Sales Are Up 2014-10#
Hello and welcome to this APL Quest. Today’s quest focuses on the 10th and last problem from the 2014 round of the APL Problem Solving Competition.
Problem Statement#
We are given a vector of non-zero numbers, and our task is to identify the largest percentage increase from one number to the next.
Approach#
To approach this problem, we’ll start with a simple test case from the problem statement. One effective method is to calculate the pairwise differences (or deltas) between the numbers in the vector. The goal is to determine the increase in percentage compared to the starting number.
For example, given a vector of monthly sales figures:
t ← 80 100 120 140
Step-by-Step Process#
Calculate Pairwise Differences: We need to find the differences between consecutive numbers in the vector.
This can be implemented in APL as follows:
diffs ← ¯2 - ⍵
Percentage Calculation: The percentage increase can be calculated using the formula:
For the first increase: Divide the increase by the starting number (e.g., the first increase from 80 to 100).
Continue this for subsequent numbers.
The generalized formula in APL to compute the percentage increase is:
{100 × ⌈⌿(¯2 - ⌿⍵) ÷ ¯1↓⍵}
Identify the Maximum Percentage: After calculating the percentage increases, we need to determine which one is the largest. It’s essential to convert these fractions into percentages by multiplying by 100.
An example of this implementation can be viewed using the function:
A ← {100 × ⌈⌿(¯2 - ⌿⍵) ÷ ¯2⊢⌿⍵}
Function Development#
Let’s encapsulate the above logic into a function that takes a vector as an argument and finds the maximum percentage increase.
We can implement this with:
s ← ?⍴⍨1000
'cmpx' ⎕CY 'dfns'
cmpx 'A s' 'B s'
This will benchmark implementations (A) and (B) which may utilize different approaches to calculate the maximum percentage increase. For example:
A s → 3.5E¯6 | 0% ⎕
B s → 1.7E¯4 | +4850% ⎕⎕⎕⎕⎕⎕⎕⎕
Edge Cases#
An interesting observation relates to cases where there might be decreasing values in the vector (e.g., a negative drop). To handle this, we consider selecting the left value for each window of size 2, similar to how we calculated the deltas.
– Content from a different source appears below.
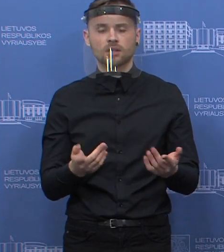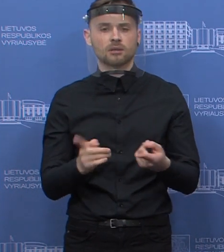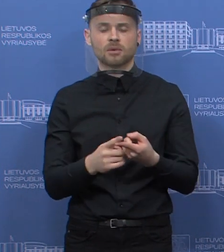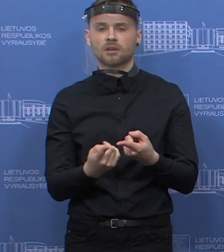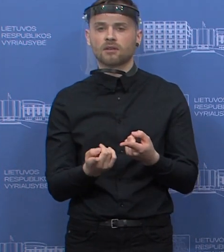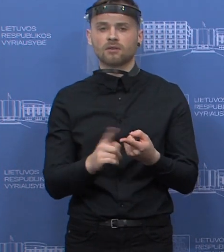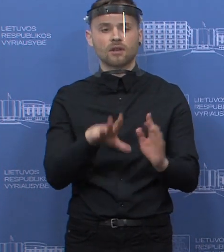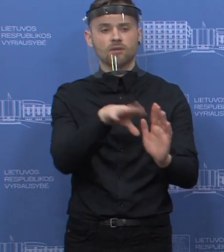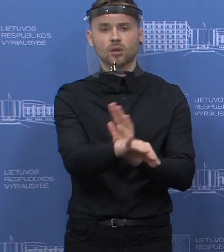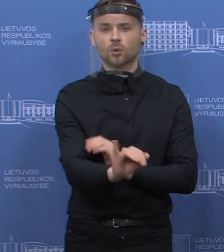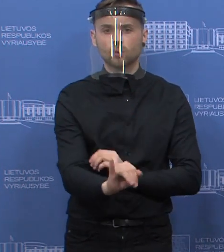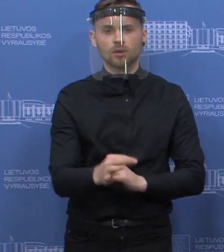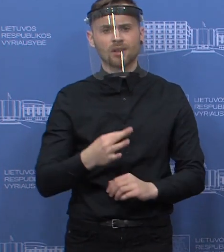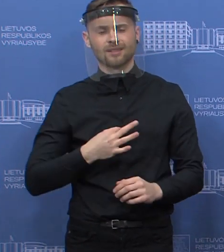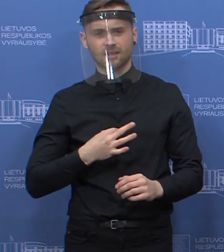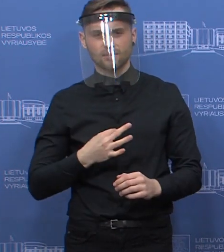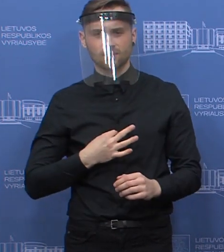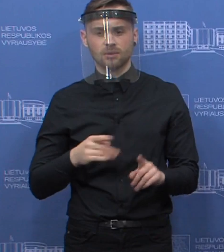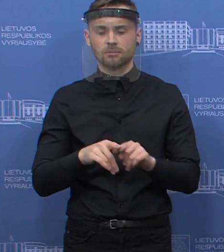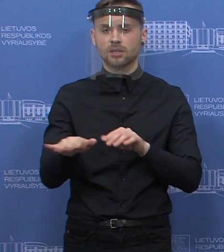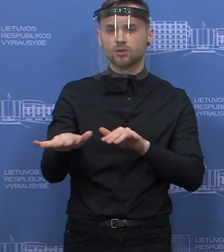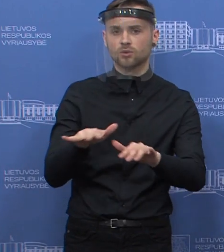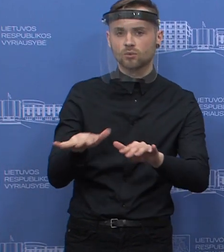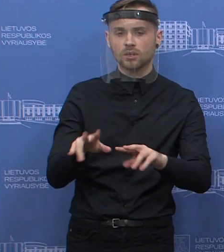matydamo situaciją, kokios yra susiklostę su atskirai žydinės gydimo įstaigo.
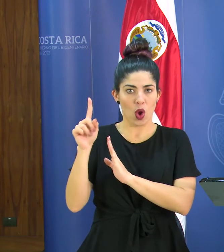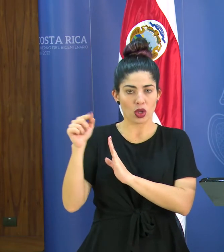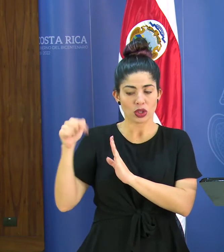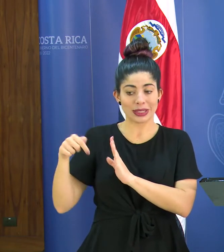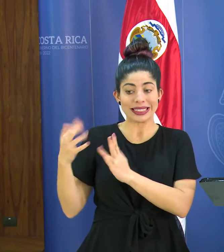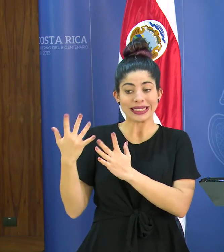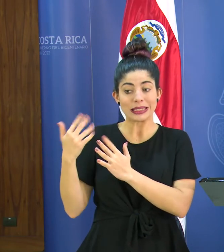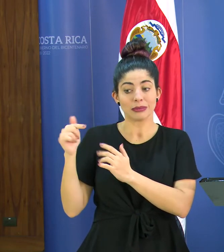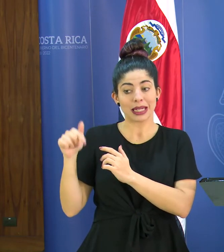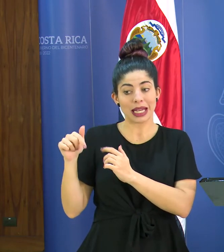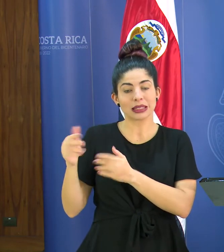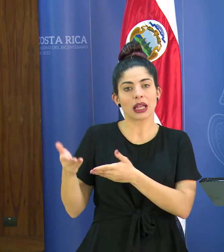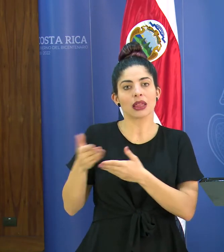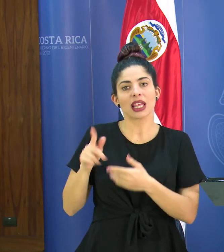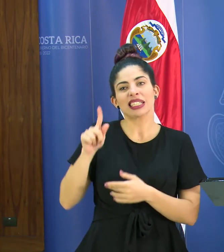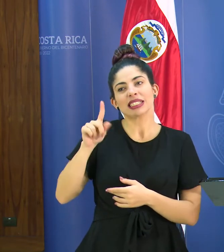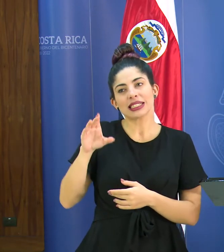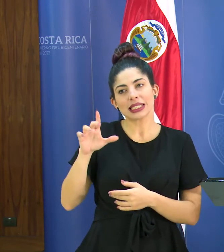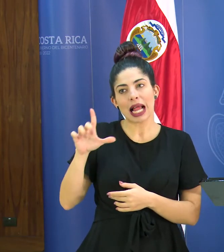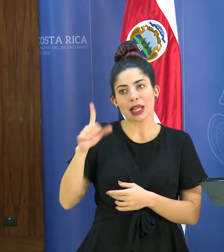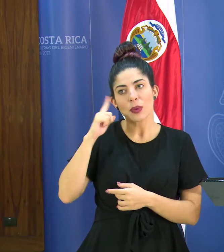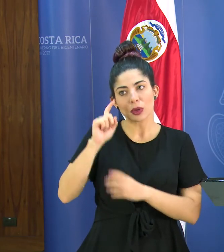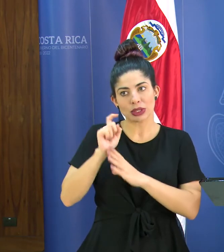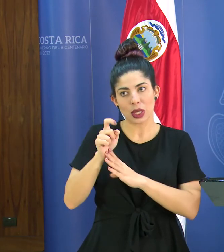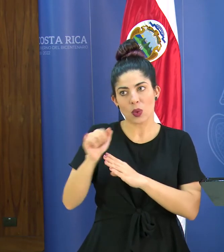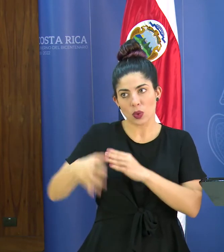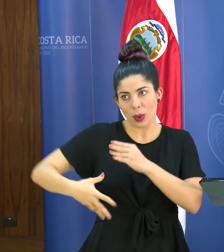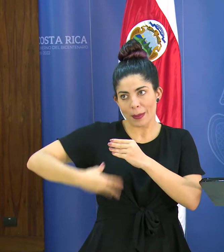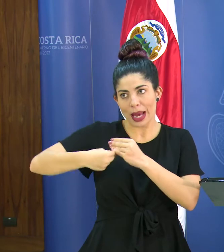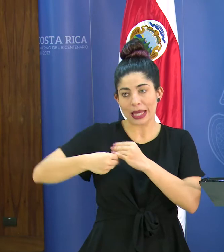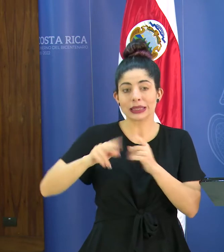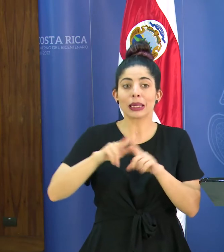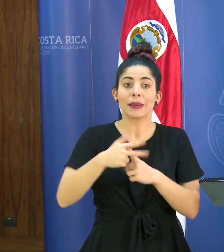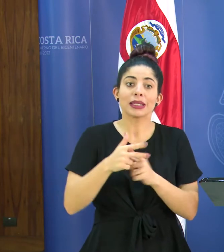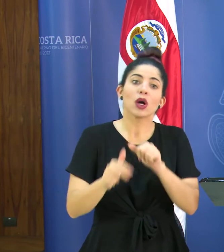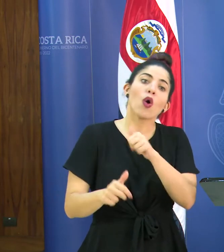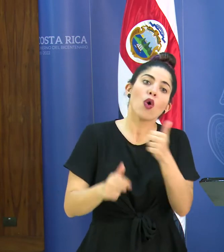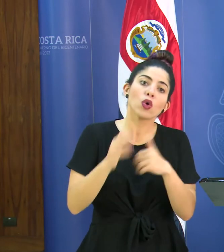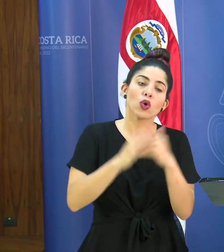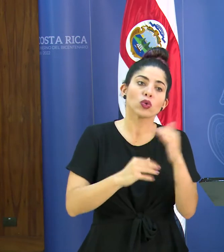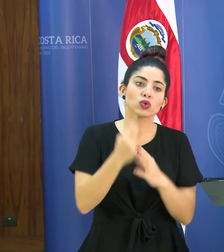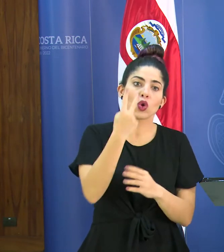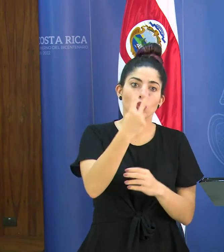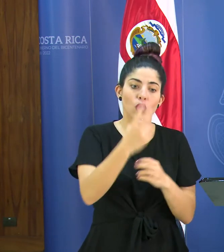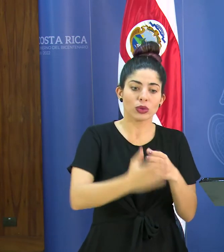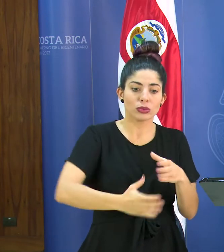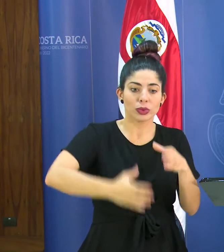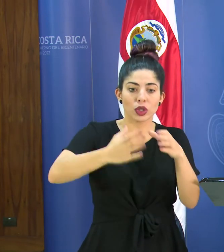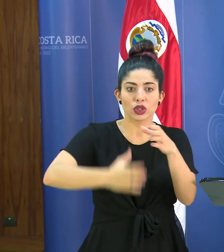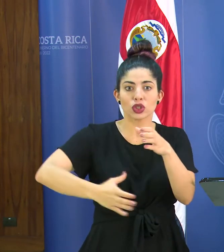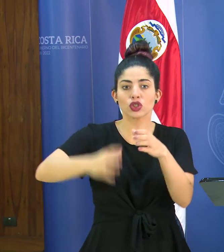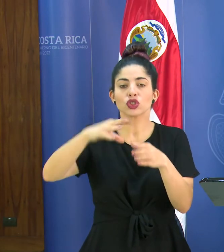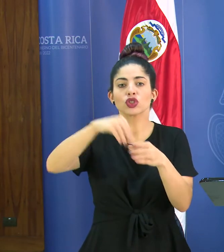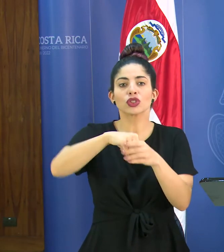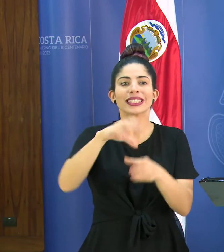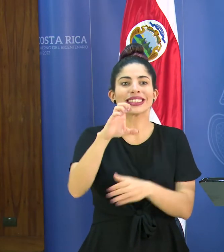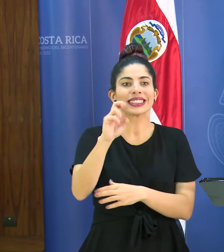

To ensure proper functionality, we might need to employ a pairwise reduction method but adjust our arithmetic functions to focus on left and right values appropriately.
Performance Considerations#
While we can combine calculations for efficiency, it’s crucial to note that certain combinations, especially involving frequent n-wise or pairwise operations, may lead to performance inefficiencies. For instance, using specialized cases efficiently can significantly improve performance compared to generalized methods.
APL Implementation Examples#
To illustrate this, we can benchmark the performance of two implementations:
C ← {100 × ¯1 + ⌈⌿¯2 ÷ ⌿⍵}
cmpx 'A s' 'C s'
Results can be as follows:
A s → 3.4E¯6 | 0% ⎕
C s → 2.5E¯6 | -27% ⎕
Conclusion#
Upon testing a large sample set (e.g., 1000 random numbers), we can compare the performance of both implementations. This analysis will reveal the importance of optimizing reduction strategies for improving computational efficiency.
In the end, our refined implementation will yield a function that not only achieves the desired outcome more succinctly but also performs better than the original approach.
Thank you for following along with this detailed exploration of the APL Problem Solving Competition problem!